Jakarta, CNBC Indonesia - Pemerintahan Presiden Prabowo Subianto masih memiliki tiga PR besar dalam perekonomian, meskipun mampu menyelesaikan setidaknya lima tantangan selama setahun masa kepemimpinannya sejak 20 Oktober 2025.
Kepala Ekonom Bank Mandiri Andry Asmoro mengungkapkan, lima tantangan perekonomian yang berhasil diselesaikan Prabowo dalam satu tahun masa kepemimpinannya ini pertama terkait dengan mengembalikan laju pertumbuhan ekonomi di atas 5%.
Sebagaimana diketahui, pada kuartal II-2025, pertumbuhan ekonomi Indonesia yang dicatat Badan Pusat Statistik (BPS) berhasil tumbuh di level 5,12% secara tahunan atau year on year (yoy), dari sebelumnya pada kuartal I-2025 mengalami kemerosotan ke level 4,87%.
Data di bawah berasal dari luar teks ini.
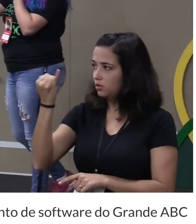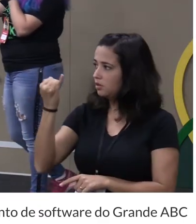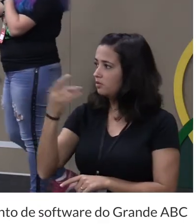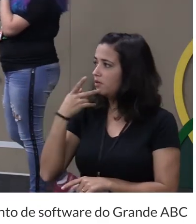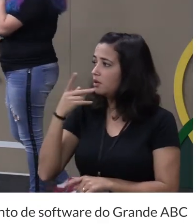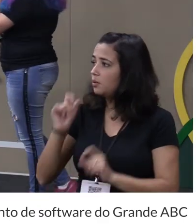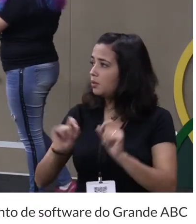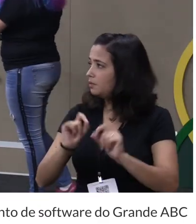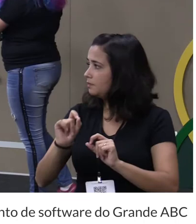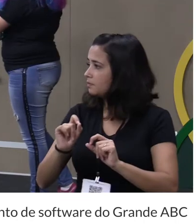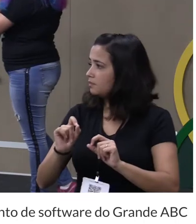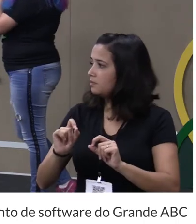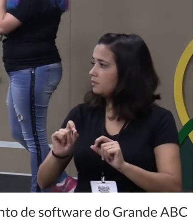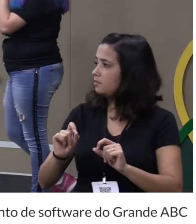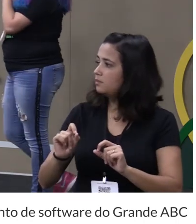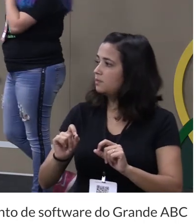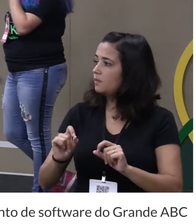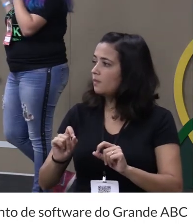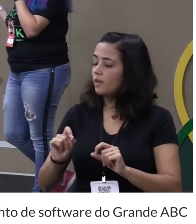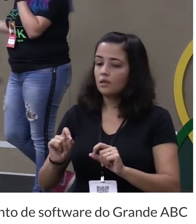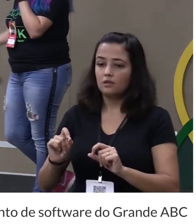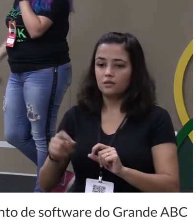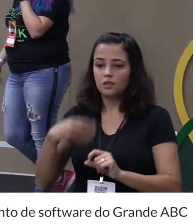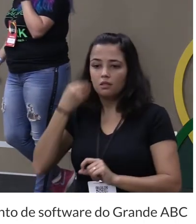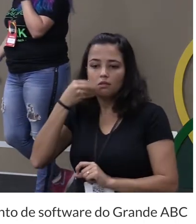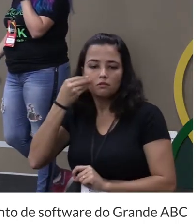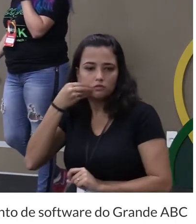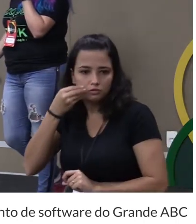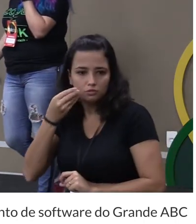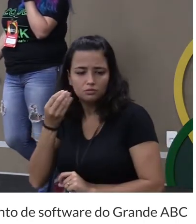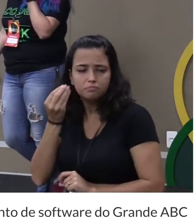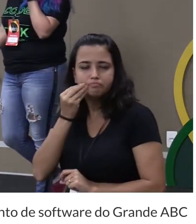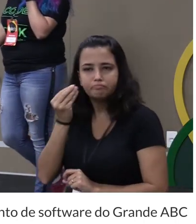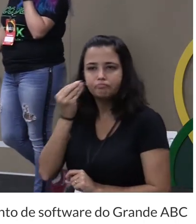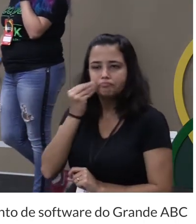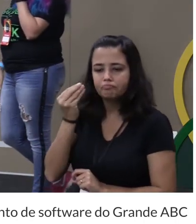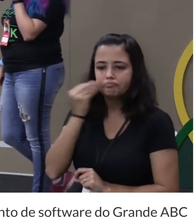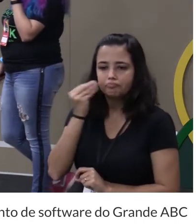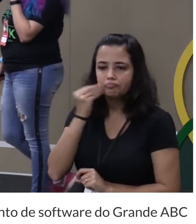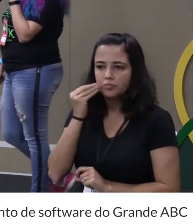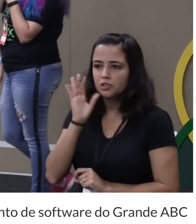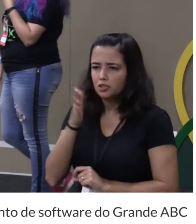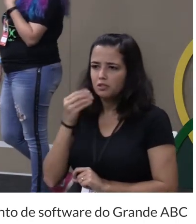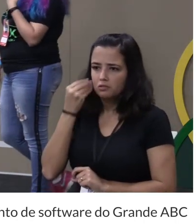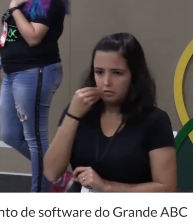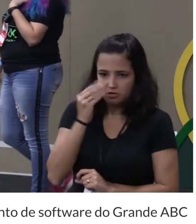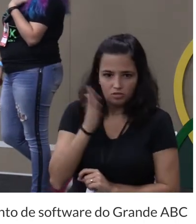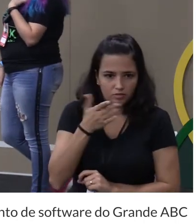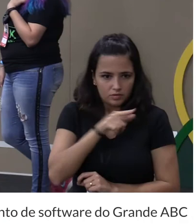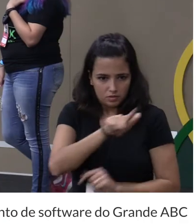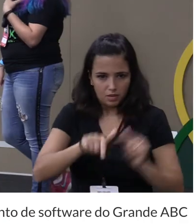considera muito importante é testes quem é que trabalha com testes

"Tentu saja pertumbuhan ekonomi 5% ini dicapai tidak dengan mudah di tengah tadi yang Pak Presiden sampaikan, konflik geopolitik dan juga instability dalam global financial situation saat ini," kata Andry dalam Squawk Box CNBC Indonesia, dikutip Senin (27/10/2025).
Tantangan kedua, yang berhasil dilalui oleh Pemerintahan Prabowo, menurut Andry ialah menjaga tekanan inflasi di level target Bank Indonesia (BI) kisaran 2,5% plus minus 1%. Per September 2025, tekanan inflasi tercatat di level 2,65% yoy.
"Tingkat inflasi yang ada saat ini memberikan dua hal. Yang pertama adalah tetap menjaga living cost, biaya hidup masyarakat di Indonesia, terutama kalau kita lihat yang perlu dijaga juga inflasi tingkat pangan," ucap Andry.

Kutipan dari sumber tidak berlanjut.